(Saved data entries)
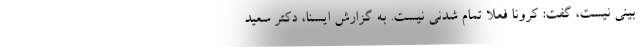
بینی نیست، گفت: کرونا فعلا تمام شدنی نیست. به گزارش ایسنا، دکتر سعید
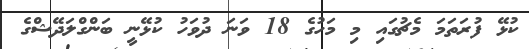
ކުޅޭ ފުރަތަމަ މެޗުގައި މި މަހުގެ 18 ވަނަ ދުވަހު ކުޅޭނީ ބަންގްލަދޭޝްގެ
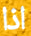
اذا
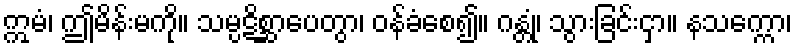
ဣမံ၊ ဤမိန်းမကို။ သမ္ပဋိစ္ဆာပေတွာ၊ ဝန်ခံစေ၍။ ဂန္တုံ၊ သွားခြင်းငှာ။ နသက္ကော၊
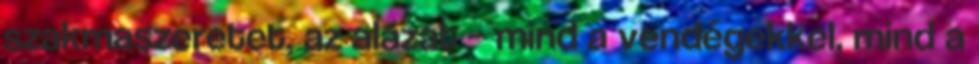
szakmaszeretet, az alázat – mind a vendégekkel, mind a
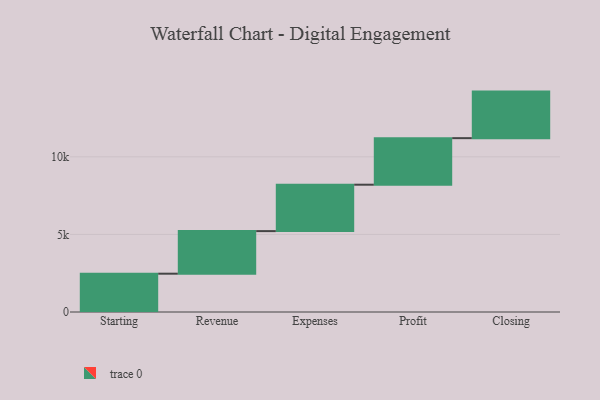
{"axis": {"x": "Step", "y": "Value"}, "legend": [""], "data": [{"x": "Starting", "y": 2469.0, "type": ""}, {"x": "Revenue", "y": 2744.0, "type": ""}, {"x": "Expenses", "y": 2991.0, "type": ""}, {"x": "Profit", "y": 3000, "type": ""}, {"x": "Closing", "y": 3000, "type": ""}]}
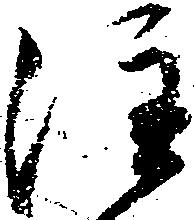
注
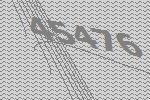
45476
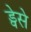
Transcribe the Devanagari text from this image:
ड्वेसे
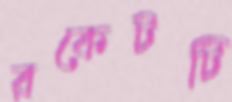
রকেটটি
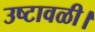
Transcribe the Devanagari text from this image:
उष्टावळी।
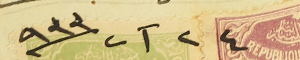
٢٤ آب سنة ٩٣٣
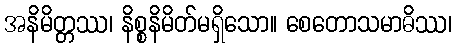
အနိမိတ္တဿ၊ နိစ္စနိမိတ်မရှိသော။ စေတောသမာဓိဿ၊
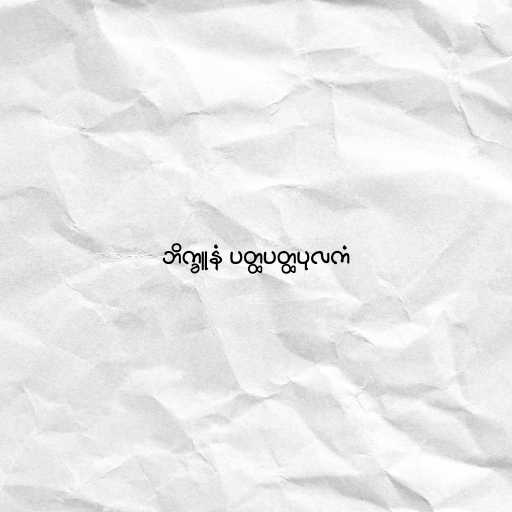
ဘိက္ခူနံ ပတ္ထပတ္ထပုလကံ
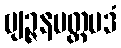
ဗျဉ္ဇနမတ္ထပဒံ
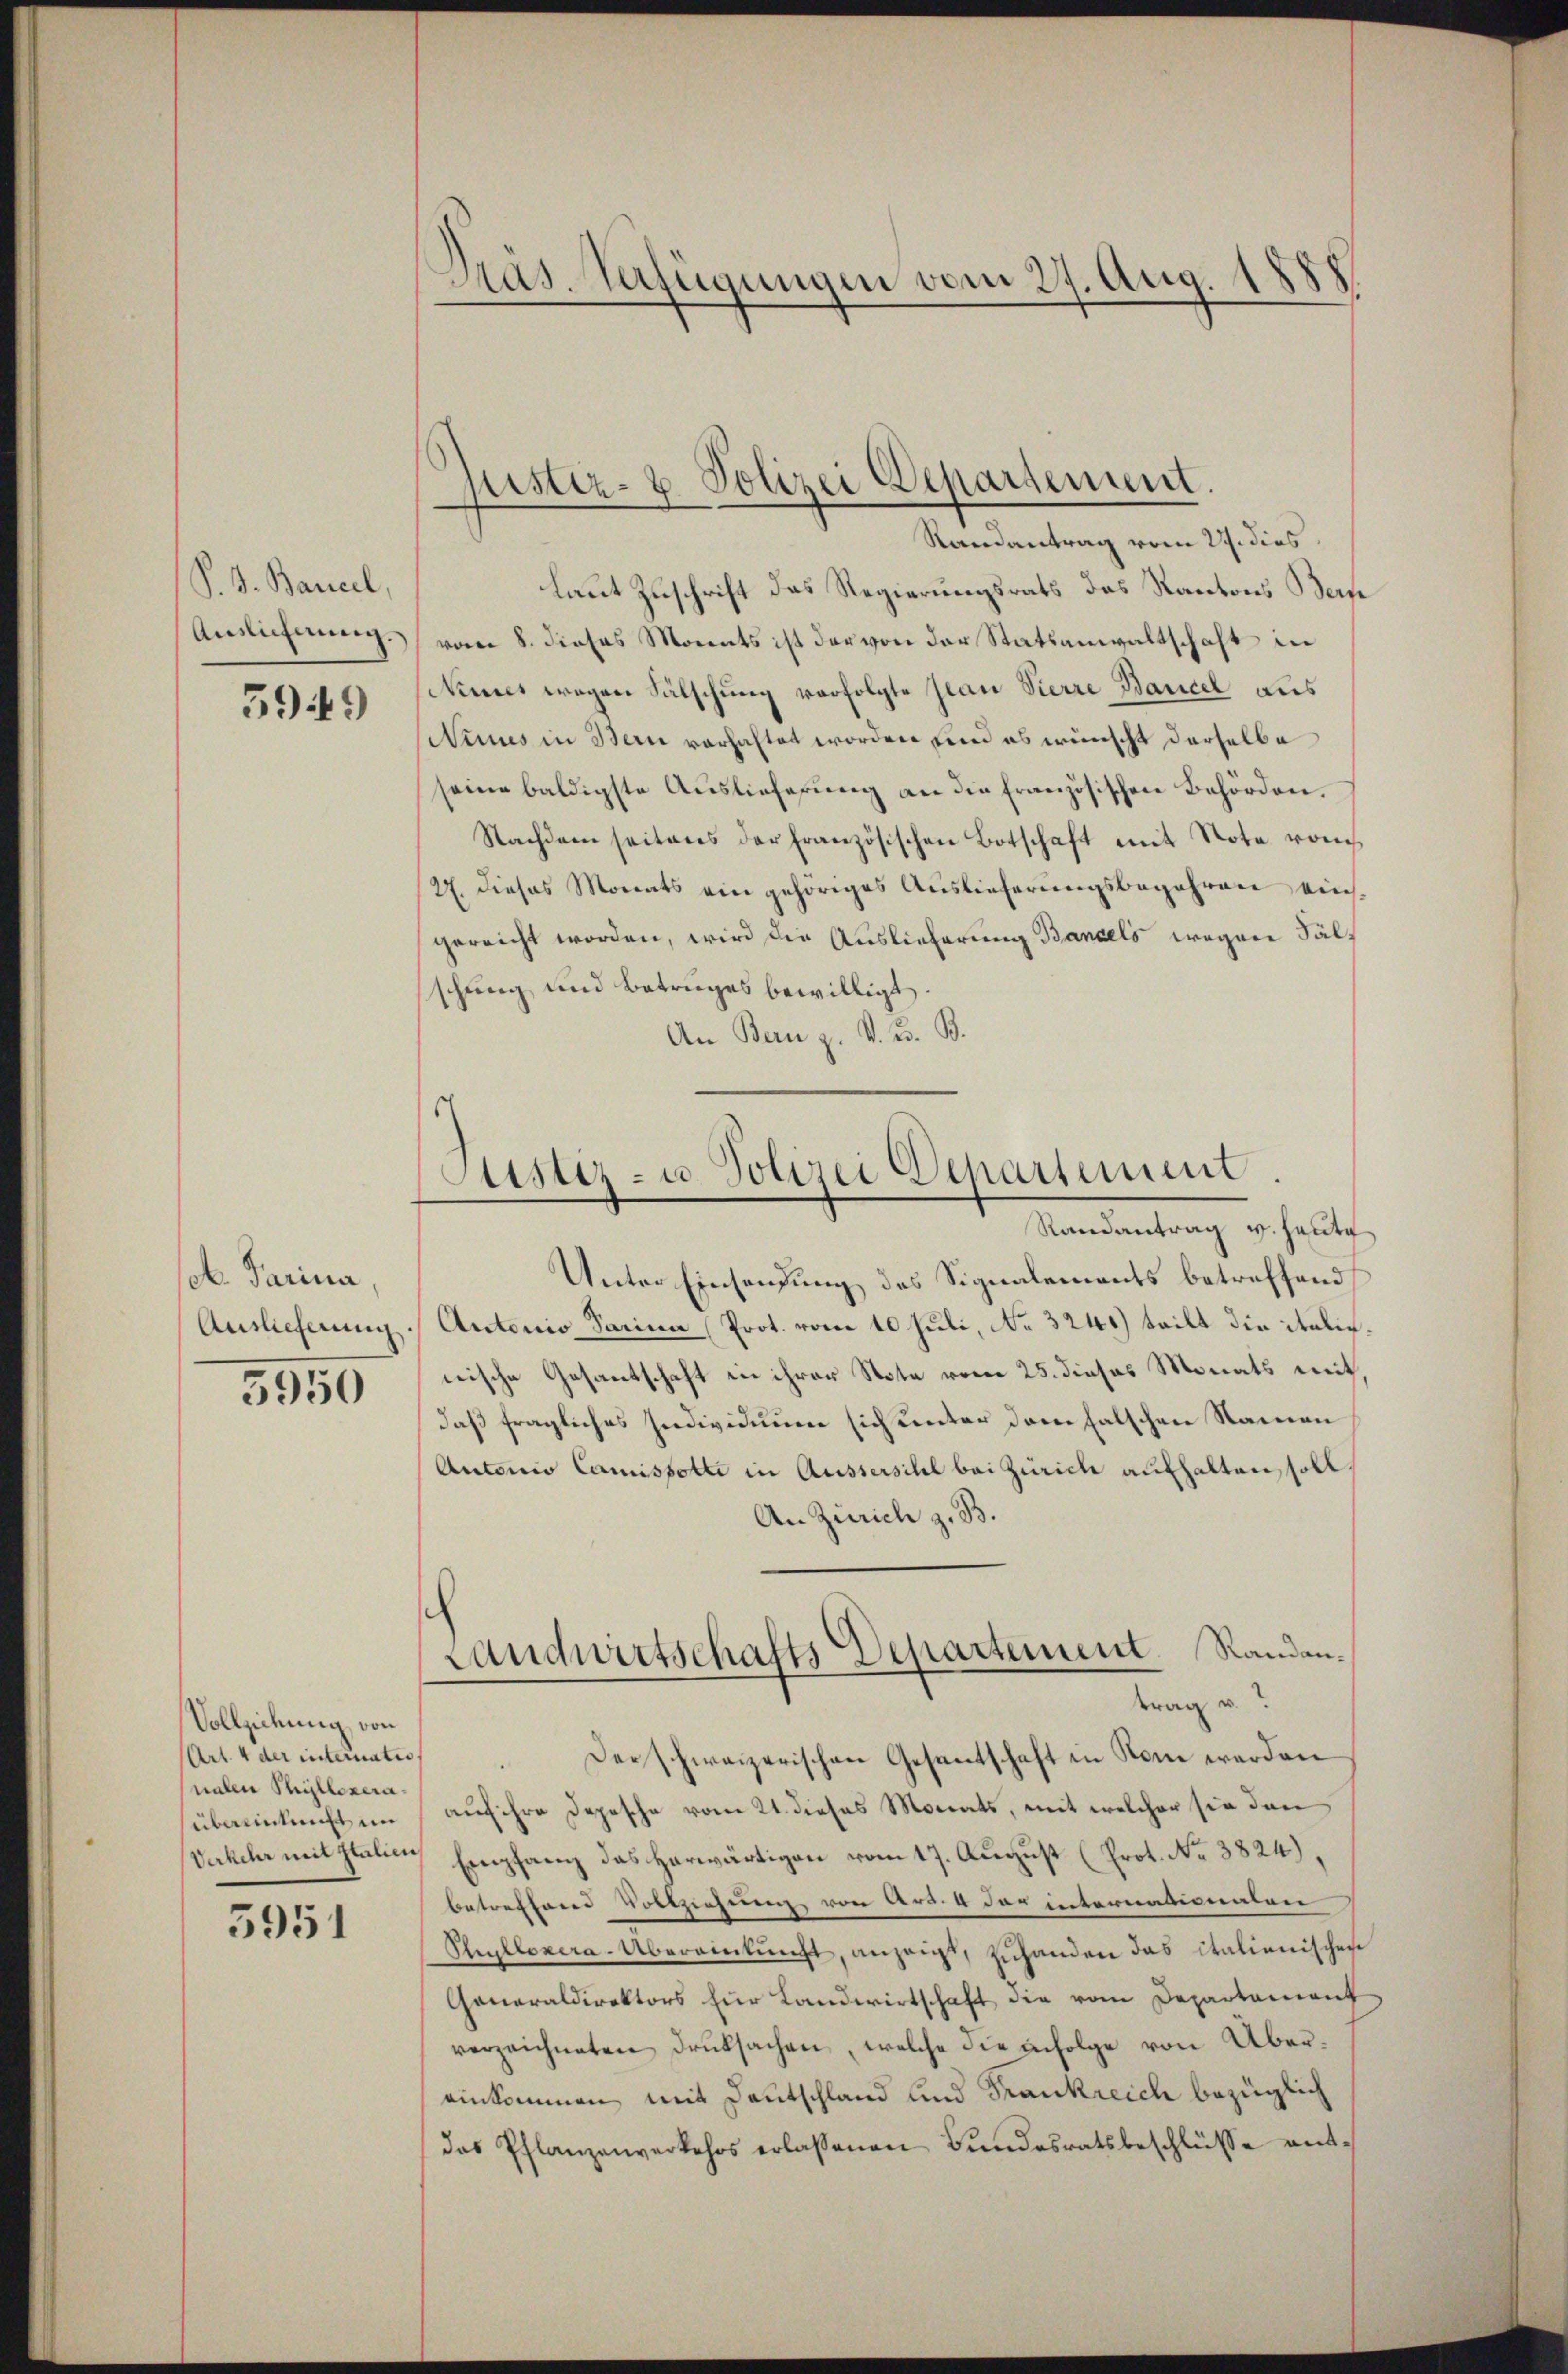
P. J. Bancel,
5949

sol. Parina,
Auslieferung
5950

laut Zuschrift das Regierungsrats das Kantons Bern
Auslichnung vom 8. dieses Monats ist der von der Statsanwaltschaft in
Nimes wegen Fälschung verfolgte Jean Vierre Bancel aus
(Weines in Bern vorhaftet worden und es wünscht derselbe
seine baldigste Auslieferŭng an die französischen Behörden.
Nachdem seitens der französischen Botschaft mit Note vom
(27. dieses Monats ein gehöriges Auslieferungsbegehren einsgereicht worden, wird die Auslieferung Bandels wegen Fälschung und Betruges bewilligt,
An Bern z. K. K. B.

Vollziehung von
(Art. 4 der internatis
nalen Phillezeraübereinkunft im
5951

.
Präs. Verfügungen vom 27. Aug.

justiz- & Polizei Departement.
Randantrag vom 29. dies

Sistiz- u. Polizei Departement
Randantrag v. Haute

Landwirtschafts Departement. Randantrag u.

Unter Einsendung des Signalements betreffend
Antonio Sarina (Prot. vom 10. Juli, No 3241) teilt die italicnische Gesantschaft in ihrer Note vom 25. dieses Monats mit,
daß fragliches Individuum sich unter dem falschen Namen
Autonio Camissolte in Aussersihl bei Zürich aufhalten soll
An Zürich z. B.
Der schweizerischen Gesantschaft in Rom werden
auf ihre Depesche vom 21. dieses Monats, mit welcher sie den
Verkehr mit station Empfang das herwärtigen vom 17. August (Prot. No 3824),
betreffend Vollziehung von Art. 4 der internationalen
Phylloxera-Überamtŭngt, anzeigt, zuhanden das italienischen
Generaldirektors für Landwirtschaft die vom Departament
verzeichneten Druksachen, welche die infolge von Übereinkommen mit Deutschland und Frankreich bezüglich
das Pflanzenverkehrs erlassenen Bŭndesratsbeschlüsse ant¬

- [Assignment] Which lines in the data above hold the word "Monats"? Return each of them.

- [Solution for this task]
Auslichnung vom 8. dieses Monats ist der von der Statsanwaltschaft in
(27. dieses Monats ein gehöriges Auslieferungsbegehren einsgereicht worden, wird die Auslieferung Bandels wegen Fälschung und Betruges bewilligt,
Antonio Sarina (Prot. vom 10. Juli, No 3241) teilt die italicnische Gesantschaft in ihrer Note vom 25. dieses Monats mit,
auf ihre Depesche vom 21. dieses Monats, mit welcher sie den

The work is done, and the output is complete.